The Swedish Trade Association for Online Gambling (Branscheföreningen för Onlinespel – BOS) has released a comprehensive report detailing the evolution of gambling addiction in Sweden over the past quarter-century. The findings, published on March 31, 2026, reveal a “steady and significant” decline in the prevalence of gambling disorders since the early 2000s. While the report acknowledges that the work of harm prevention is far from over, it challenges the narrative that a liberalised online market inherently leads to a surge in public health crises.

Analyzing the Swedish Problem Gambling Downtrend
The BOS report provides critical data points for operators and regulators navigating the Swedish landscape. For executive leadership, the primary insights include:
- Evidence of Decoupling: The data suggests that market growth and gambling harm have “decoupled”. While the total handle and number of active players have increased since the 2019 re-regulation, the percentage of the population experiencing harm has trended downward.

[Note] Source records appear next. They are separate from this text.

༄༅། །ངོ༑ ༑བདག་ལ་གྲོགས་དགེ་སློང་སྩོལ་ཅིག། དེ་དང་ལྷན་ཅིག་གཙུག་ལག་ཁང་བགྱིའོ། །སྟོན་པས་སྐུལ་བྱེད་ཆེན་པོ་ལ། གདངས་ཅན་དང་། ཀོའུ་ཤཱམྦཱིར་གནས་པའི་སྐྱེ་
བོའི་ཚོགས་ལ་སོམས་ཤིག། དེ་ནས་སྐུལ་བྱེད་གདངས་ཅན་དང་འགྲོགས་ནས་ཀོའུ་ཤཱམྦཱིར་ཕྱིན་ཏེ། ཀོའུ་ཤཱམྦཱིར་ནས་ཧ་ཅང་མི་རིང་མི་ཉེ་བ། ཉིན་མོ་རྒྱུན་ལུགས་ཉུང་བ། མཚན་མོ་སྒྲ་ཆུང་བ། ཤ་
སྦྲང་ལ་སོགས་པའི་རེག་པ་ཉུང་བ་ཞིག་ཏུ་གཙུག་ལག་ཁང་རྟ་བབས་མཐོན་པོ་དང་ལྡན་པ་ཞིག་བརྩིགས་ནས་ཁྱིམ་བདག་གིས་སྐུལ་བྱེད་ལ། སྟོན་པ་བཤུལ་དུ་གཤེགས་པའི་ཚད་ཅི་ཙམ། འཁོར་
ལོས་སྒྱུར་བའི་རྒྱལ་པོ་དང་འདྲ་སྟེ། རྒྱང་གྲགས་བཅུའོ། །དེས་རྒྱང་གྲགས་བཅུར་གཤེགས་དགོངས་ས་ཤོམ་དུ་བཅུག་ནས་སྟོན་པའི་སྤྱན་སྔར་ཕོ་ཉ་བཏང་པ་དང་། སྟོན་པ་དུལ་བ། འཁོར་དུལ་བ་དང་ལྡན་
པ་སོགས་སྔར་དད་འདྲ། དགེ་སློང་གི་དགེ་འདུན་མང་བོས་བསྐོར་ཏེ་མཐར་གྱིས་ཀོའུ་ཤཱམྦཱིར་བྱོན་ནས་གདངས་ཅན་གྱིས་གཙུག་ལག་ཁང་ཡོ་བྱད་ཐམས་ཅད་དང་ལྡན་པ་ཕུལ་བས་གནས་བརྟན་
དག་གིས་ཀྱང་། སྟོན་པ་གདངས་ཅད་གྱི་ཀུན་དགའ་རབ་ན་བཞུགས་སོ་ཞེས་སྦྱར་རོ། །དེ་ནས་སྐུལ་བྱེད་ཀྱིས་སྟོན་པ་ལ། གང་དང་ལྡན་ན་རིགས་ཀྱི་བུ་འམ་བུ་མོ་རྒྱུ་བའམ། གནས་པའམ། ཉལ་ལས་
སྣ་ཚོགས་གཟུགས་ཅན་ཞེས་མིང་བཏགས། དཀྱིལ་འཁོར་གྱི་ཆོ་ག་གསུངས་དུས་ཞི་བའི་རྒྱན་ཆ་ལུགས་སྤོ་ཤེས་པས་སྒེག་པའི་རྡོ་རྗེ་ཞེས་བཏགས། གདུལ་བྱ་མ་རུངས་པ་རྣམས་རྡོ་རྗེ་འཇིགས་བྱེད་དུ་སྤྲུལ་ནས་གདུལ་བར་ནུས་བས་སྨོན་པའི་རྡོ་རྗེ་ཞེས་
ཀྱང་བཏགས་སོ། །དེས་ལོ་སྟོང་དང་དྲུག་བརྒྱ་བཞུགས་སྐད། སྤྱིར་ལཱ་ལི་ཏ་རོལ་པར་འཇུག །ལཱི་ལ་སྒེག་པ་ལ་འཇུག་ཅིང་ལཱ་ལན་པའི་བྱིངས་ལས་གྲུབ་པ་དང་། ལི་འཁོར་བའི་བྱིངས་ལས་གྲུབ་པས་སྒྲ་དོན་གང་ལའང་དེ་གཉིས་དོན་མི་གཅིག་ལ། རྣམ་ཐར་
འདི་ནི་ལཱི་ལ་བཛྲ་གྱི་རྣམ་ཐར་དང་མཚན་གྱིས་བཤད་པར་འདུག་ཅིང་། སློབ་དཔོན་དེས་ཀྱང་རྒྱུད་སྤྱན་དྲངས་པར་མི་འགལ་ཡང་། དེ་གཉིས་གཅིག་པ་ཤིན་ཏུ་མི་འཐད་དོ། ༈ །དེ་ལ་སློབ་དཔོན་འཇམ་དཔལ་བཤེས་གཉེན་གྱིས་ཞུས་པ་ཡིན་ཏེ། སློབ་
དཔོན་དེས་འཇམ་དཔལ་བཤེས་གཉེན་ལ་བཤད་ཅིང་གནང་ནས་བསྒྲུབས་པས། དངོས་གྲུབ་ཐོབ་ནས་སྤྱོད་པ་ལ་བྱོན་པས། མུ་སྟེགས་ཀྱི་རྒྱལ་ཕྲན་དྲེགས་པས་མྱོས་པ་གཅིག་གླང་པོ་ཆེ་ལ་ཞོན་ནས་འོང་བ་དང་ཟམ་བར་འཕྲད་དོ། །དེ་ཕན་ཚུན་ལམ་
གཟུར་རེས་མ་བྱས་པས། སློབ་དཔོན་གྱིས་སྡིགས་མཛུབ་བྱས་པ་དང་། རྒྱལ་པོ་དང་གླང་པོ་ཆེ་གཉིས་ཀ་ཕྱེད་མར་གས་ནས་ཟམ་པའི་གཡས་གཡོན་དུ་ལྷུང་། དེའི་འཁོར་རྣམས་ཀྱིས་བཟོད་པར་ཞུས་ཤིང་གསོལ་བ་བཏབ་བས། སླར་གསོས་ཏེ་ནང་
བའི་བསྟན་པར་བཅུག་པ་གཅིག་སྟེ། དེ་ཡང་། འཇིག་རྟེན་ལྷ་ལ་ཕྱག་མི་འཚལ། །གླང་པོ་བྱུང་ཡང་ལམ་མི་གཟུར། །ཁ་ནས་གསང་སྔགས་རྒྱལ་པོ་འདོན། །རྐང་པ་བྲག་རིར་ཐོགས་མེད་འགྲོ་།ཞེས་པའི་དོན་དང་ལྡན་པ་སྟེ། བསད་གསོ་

- The “Channelisation” Factor: BOS attributes a significant portion of this success to high channelisation rates. When players remain within the regulated system, they are protected by mandatory deposit limits and the self-exclusion tool.

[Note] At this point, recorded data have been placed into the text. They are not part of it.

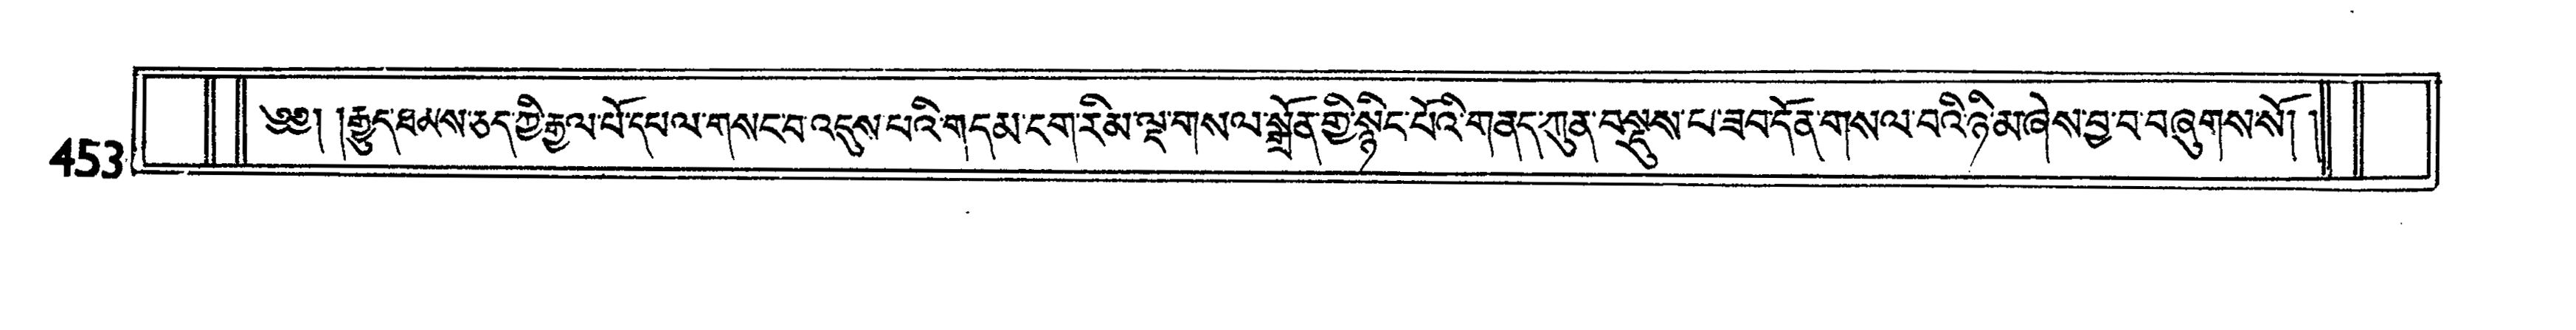༄༅། །རྒྱུད་ཐམས་ཅད་ཀྱི་རྒྱལ་པོ་དཔལ་གསང་བ་འདུས་པའི་གདམ་ངག་རིམ་ལྔ་གསལ་སྒྲོན་གྱི་སྙིང་པོའི་གནད་ཀུན་བསྡུས་པ་ཟབ་དོན་གསལ་བའི་ཉི་མ་ཞེས་བྱ་བ་བཞུགས་སོ། །
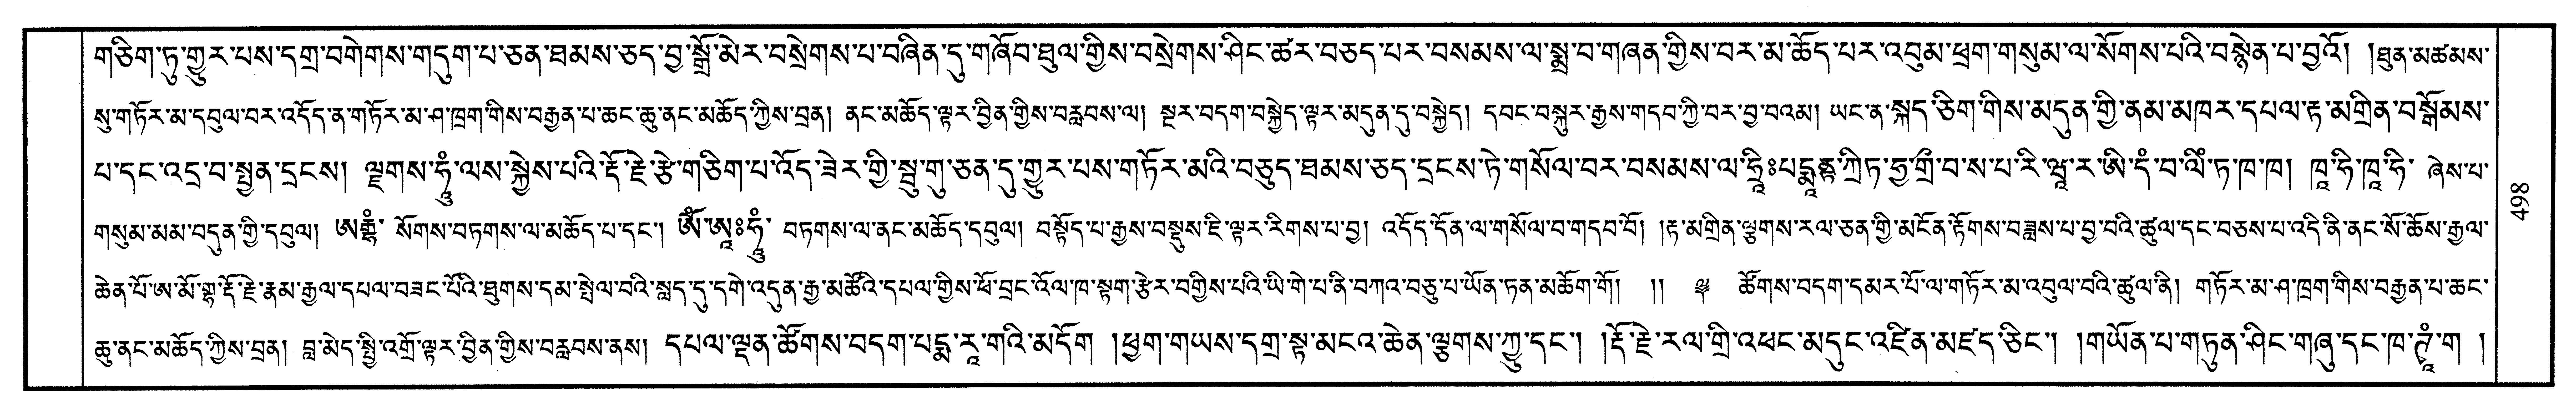གཅིག་ཏུ་གྱུར་པས་དགྲ་བགེགས་གདུག་པ་ཅན་ཐམས་ཅད་བྱ་སྒྲོ་མེར་བསྲེགས་པ་བཞིན་དུ་གཞོབ་ཐུལ་གྱིས་བསྲེགས་ཤིང་ཚར་བཅད་པར་བསམས་ལ་སྨྲ་བ་གཞན་གྱིས་བར་མ་ཆོད་པར་འབུམ་ཕྲག་གསུམ་ལ་སོགས་པའི་བསྙེན་པ་བྱའོ། །ཐུན་མཚམས་
སུ་གཏོར་མ་དབུལ་བར་འདོད་ན་གཏོར་མ་ཤ་ཁྲག་གིས་བརྒྱན་པ་ཆང་ཆུ་ནང་མཆོད་ཀྱིས་བྲན། ནང་མཆོད་ལྟར་བྱིན་གྱིས་བརླབས་ལ། སྔར་བདག་བསྐྱེད་ལྟར་མདུན་དུ་བསྐྱེད། དབང་བསྐུར་རྒྱས་གདབ་ཀྱི་བར་བྱ་བའམ། ཡང་ན་སྐད་ཅིག་གིས་མདུན་གྱི་ནམ་མཁར་དཔལ་རྟ་མགྲིན་བསྒོམས་
པ་དང་འདྲ་བ་སྤྱན་དྲངས། ལྗགས་ཧཱུཾ་ལས་སྐྱེས་པའི་རྡོ་རྗེ་རྩེ་གཅིག་པ་འོད་ཟེར་གྱི་སྦུ་གུ་ཅན་དུ་གྱུར་པས་གཏོར་མའི་བཅུད་ཐམས་ཅད་དྲངས་ཏེ་གསོལ་བར་བསམས་ལ་ཧྲཱིཿ པདམཱནྟ་ཀྲིཏ་ཧྱ་གྲྀ་བ་ས་པ་རི་ཝཱ་ར་ཨི་དཾ་བ་ལིཾ་ཏ་ཁ་ཁ། ཁཱ་ཧི་ཁཱ་ཧི་ཞེས་པ་
གསུམ་མམ་བདུན་གྱི་དབུལ། ཨརྒྷཾ་སོགས་བཏགས་ལ་མཆོད་པ་དང་། ཨོཾ་ཨཱཿ ཧཱུཾ་བཏགས་ལ་ནང་མཆོད་དབུལ། བསྟོད་པ་རྒྱས་བསྡུས་ཇི་ལྟར་རིགས་པ་བྱ། འདོད་དོན་ལ་གསོལ་བ་གདབ་བོ། །རྟ་མགྲིན་ལྕགས་རལ་ཅན་གྱི་མངོན་རྟོགས་བཟླས་པ་བྱ་བའི་ཚུལ་དང་བཅས་པ་འདི་ནི་ནང་སོ་ཆོས་རྒྱལ་
ཆེན་པོ་ཨ་མོ་གྷ་རྡོ་རྗེ་རྣམ་རྒྱལ་དཔལ་བཟང་པོའི་ཐུགས་དམ་སྤེལ་བའི་སླད་དུ་དགེ་འདུན་རྒྱ་མཚོའི་དཔལ་གྱིས་ཕོ་བྲང་འོལ་ཁ་སྟག་རྩེར་བགྱིས་པའི་ཡི་གེ་པ་ནི་བཀའ་བཅུ་པ་ཡོན་ཏན་མཆོག་གོ། །། ༈ ཚོགས་བདག་དམར་པོ་ལ་གཏོར་མ་འབུལ་བའི་ཚུལ་ནི། གཏོར་མ་ཤ་ཁྲག་གིས་བརྒྱན་པ་ཆང་
ཆུ་ནང་མཆོད་ཀྱིས་བྲན། བླ་མེད་སྤྱི་འགྲོ་ལྟར་བྱིན་གྱིས་བརླབས་ནས། དཔལ་ལྡན་ཚོགས་བདག་པདམ་རཱ་གའི་མདོག །ཕྱག་གཡས་དགྲ་སྟ་མངའ་ཆེན་ལྕགས་ཀྱུ་དང་། །རྡོ་རྗེ་རལ་གྲི་འཕང་མདུང་འཛིན་མཛད་ཅིང་། །གཡོན་པ་གཏུན་ཤིང་གཞུ་དང་ཁ་ཊྭཱཾ་ག །

- Targeted Interventions: The report highlights that modern “Duty of Care” (Omsorgsplikt) requirements have allowed operators to use AI-driven behavioural tracking to intervene before a player reaches a crisis point.
- Regulatory Stability: The downward trend supports the industry’s argument for stable, evidence-based regulation rather than reactive, prohibitive measures that might drive players toward the black market.

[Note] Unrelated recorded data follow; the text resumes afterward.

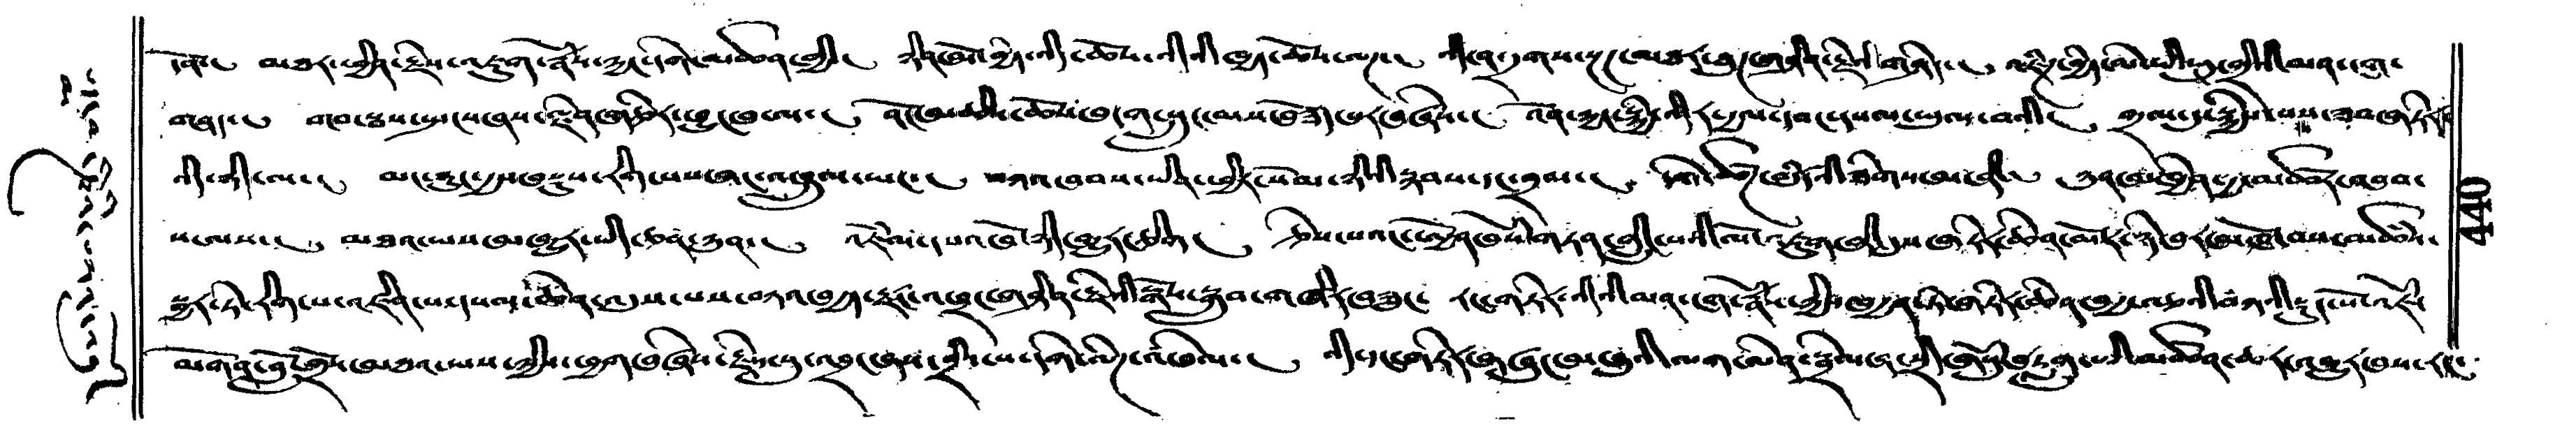དོན། །མཐར་ཕྱིན་རྗེས་འཇུག་རྣམས་ཀྱང་དགེ་མཚན་གྱི། །ཉིན་མོ་བྱེད་འདི་ཆོས་འདིའི་ཁྱད་ཆོས་ལགས། །འདི་ནི་དྲག་སྔགས་མཐར་ཐུག་གཤིན་རྗེའི་གཤེད། །འཇིགས་བྱེད་མེ་ཡི་སྤུ་གྲིའི་མན་ངག་
གནད། །གབ་སྦས་སྤངས་ནས་བརྗེན་གཅེར་ཕྱུངས་བ་ལ། །ནོངས་མཆིས་ཆོས་བདག་སྲུང་མས་བཟོད་པར་བཞེས། །འོན་ཀྱང་སྐྱེ་འདིར་རྒྱལ་དབང་དཔལ་ཡུལ་བའི། །གྲལ་དུ་སྐྱེས་པས་ཟབ་གཏེར་
འདི་ཉིད་ལ། །མང་ཉུང་རྒྱས་བསྡུས་རིགས་པས་གང་འཕྲུལ་ཡང་། བཀའ་བབས་ཡིན་ཕྱིར་སོམ་ཉིའི་སྐབས་དང་བྲལ། །དགེ་ཚོགས་བདུད་རྩིའི་ཟེགས་མ་ནི། །ཀུན་མཁྱེན་རྒྱ་མཚོར་འབབ་
པ་ལས། །མཐའ་ཡས་མ་གྱུར་ཡིད་ཅན་ཀུན། །འཇམ་དཔལ་དཔའ་བོ་ཉིད་གྱུར་ཅིག །ཅེས་པའང་ཨོ་རྒྱན་བསམ་གཏན་གླིང་པའི་ལོ་མཇུག་གི་དུས་གཏོར་ཆེན་མོར་ཉེ་བར་མཁོ་བས་མཚམས་
སྦྱར་ཏེ་རིག་འཛིན་པ་དཔལ་ཆེན་འདུས་པས་བཀའ་བརྒྱད་རྫོང་འཕྲང་གཤིན་རྗེའི་སྒོས་སྒྲུབ་གཞིར་བཟུང་། རང་གཏེར་འདིའི་མན་ངག་རྣམས་ཀྱིས་ཁ་བརྒྱན་ཏེ་གཏེར་ཆེན་བརྒྱ་རྩའི་བཀའི་སྡུད་པོ་འཇམ་
མགོན་བློ་གྲོས་མཐའ་ཡས་ཀྱིས་ཕྱག་བཞེས་ཀྱི་རྗེས་སུ་འབྲངས་ནས་བྲིས་པ་དགེ་ལེགས་འཕེལ། འདི་དང་གཏེར་གཞུང་མ་བུའི་ལག་ལེན་སྦྲེལ་ན་སྲིད་གསུམ་བརླག་པའི་མཚོན་ཆར་འགྱུར་བས་རང་

The Impact of Market Channelisation on Swedish Consumer Protection Standards
The BOS report arrives at a pivotal moment for the Swedish industry, with the association warning that maintaining this downward trend in gambling harm depends entirely on the state’s ability to shield the regulated market from unlicensed offshore interference.
This data reinforces the necessity of recent legislative actions, such as when Sweden issued a ban on unlicensed operators in early 2026. By systematically removing high-risk, unregulated entities that bypass local social protections, the regulator ensures that the “Duty of Care” remains the enforceable standard for all accessible platforms.
Furthermore, the long-term decline in harm is fundamentally tied to the health of the licensed sector. Recent analysis of Sweden’s channelisation in Q4 2025 demonstrates that a robust, competitive licensed offering is the most effective tool for consumer protection. BOS argues that if the regulated market becomes overly restrictive, players will migrate to “black market” sites where no safety nets exist, a move that could reverse 25 years of public health progress.
Sweden’s Spelinspektionen and the Evolution of the ‘Duty of Care’
BOS Secretary General Gustaf Hoffstedt emphasised that while the data is positive, the industry must not become complacent. The report calls for a further refinement of the “Duty of Care”, moving toward more transparent reporting of “intervention outcomes” rather than just “intervention volume”.
For compliance departments, this signals a shift in 2026 toward more rigorous auditing of how risk flags are handled. The Swedish Gambling Authority (Spelinspektionen) is expected to use the BOS findings to justify more granular oversight of how licensees communicate with at-risk customers, ensuring that the “steady decline” in harm becomes a permanent fixture of the Swedish model.
Balancing Licensed Market Stability with Strict Enforcement
The BOS report serves as a vital case study for other European jurisdictions currently debating the impact of online gambling. It provides a data-backed defence of the Swedish model, proving that a competitive, licensed environment, when paired with strict enforcement against the black market, it is a viable path toward long-term public health stability.
For operators, the message is clear: compliance with social protection mandates is not just a regulatory burden; it is the fundamental driver of the industry’s long-term “social licence” to operate in Scandinavia.